So, Like, It's Supposed to be Fall.....
Sitting here listening to vintage Sarah Vaughn (and very glad I got to see her at Symphony Hall before she slipped the mortal sheath) and I am actually SWEATING. So, lemmie get this straight: Snow in May and this hot in mid-September? Zheeezh. I need it to be fall. I love fall. Fall loves me. We're a happy family. 'Sides, DeepWell tells me he wants us to be "like a sunday in Autumn".
(commence wobbly knees)
I received a gift in the mail yesterday. DeepWell asked me if I liked surprises. I answered that as long as they did not involve owing money to the government, having to clean my house to feel presentable, or a pink stripe on a test strip I don't want to take, yeah, I like most surprises. He said it might clean the house. Heh.
What came was a cd of his recording over 30 minutes of music, live, For Julia. Wonderful music. Right Smack Dab in the Middle of Profound.
I am someplace with this that I do not recognize.

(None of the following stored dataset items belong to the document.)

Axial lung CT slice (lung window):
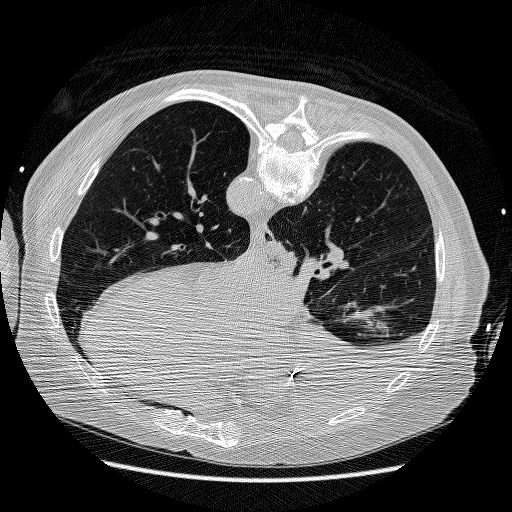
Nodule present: no
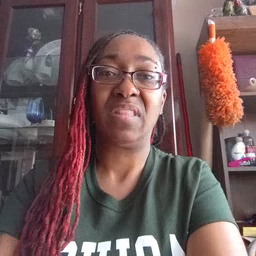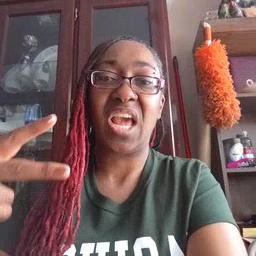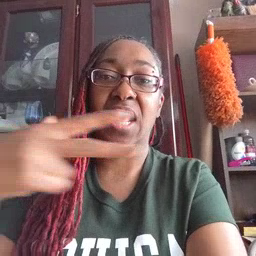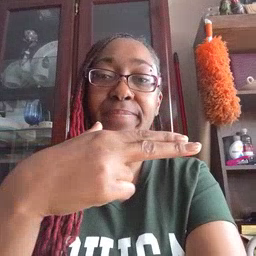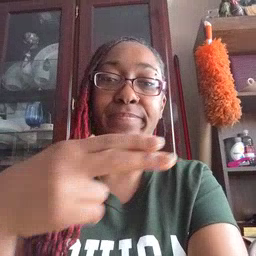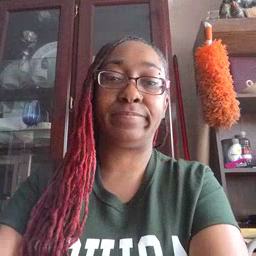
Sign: cut
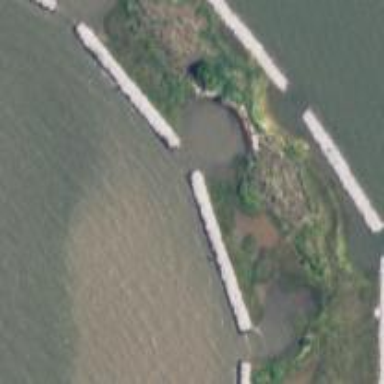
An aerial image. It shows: Breakwater structure.
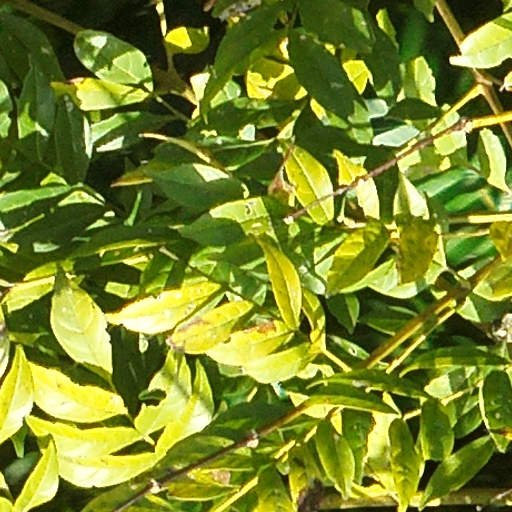
Species: Jacaranda copaia
GBIF accepted scientific name: Jacaranda copaia
Crown area (m\u00b2): 257.671
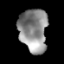
Tissue: lung
Cell type: T cells
Senescence score: 0.1897
Nuclear area (px): 1206
Mean DAPI intensity: 140.621
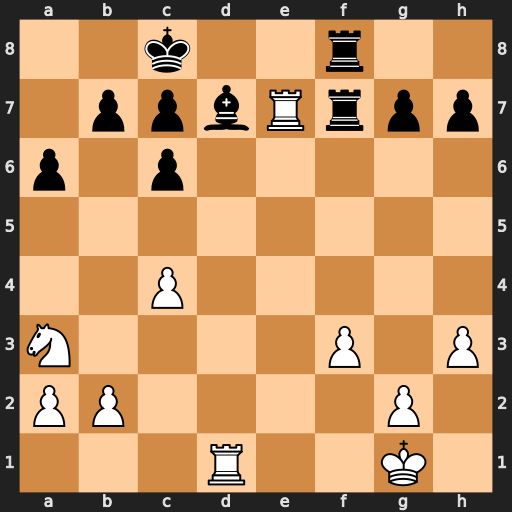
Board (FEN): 2k2r2/1ppbRrpp/p1p5/8/2P5/N4P1P/PP4P1/3R2K1
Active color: w
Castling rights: -
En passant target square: -
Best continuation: Rdxd7 Rxe7 Rxe7
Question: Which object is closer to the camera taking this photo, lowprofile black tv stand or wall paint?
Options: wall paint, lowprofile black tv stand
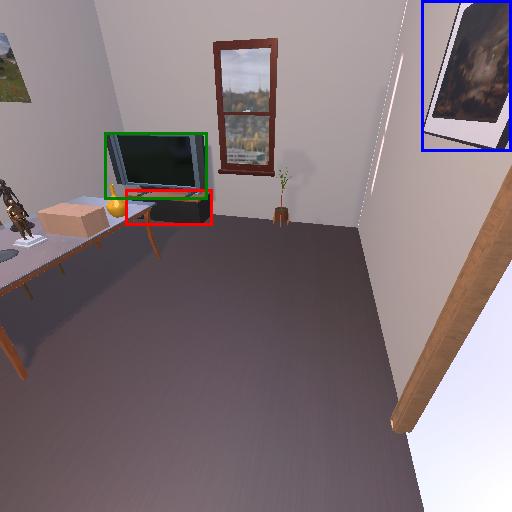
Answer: wall paint
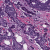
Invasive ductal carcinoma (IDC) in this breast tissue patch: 0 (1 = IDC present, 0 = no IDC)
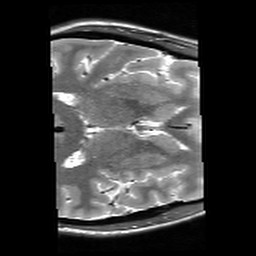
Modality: T2w
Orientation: axial
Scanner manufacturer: siemens
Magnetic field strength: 3 T
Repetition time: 9.86 s
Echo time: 0.05 s
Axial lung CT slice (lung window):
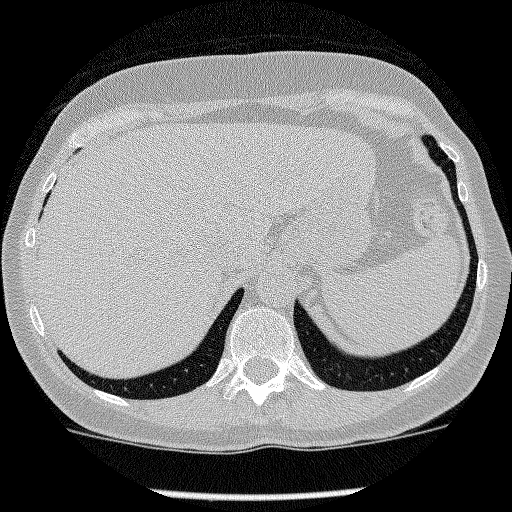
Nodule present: no
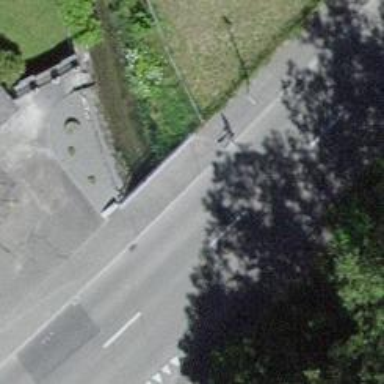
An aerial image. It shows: Secondary road bridge with asphalt surface and sidewalk on the left.

I have never been here before. I feel both sane, and am also aware that my heart could explode at any moment.
Sorta like squeezing love out of a toothpaste tube. Slowly. Very. Like tripping your wet finger around the rim of a crystal wine glass. When you build just the right tension and momentum, the most wonderful resonance evolves.
This, to me, is how I feel today about DW.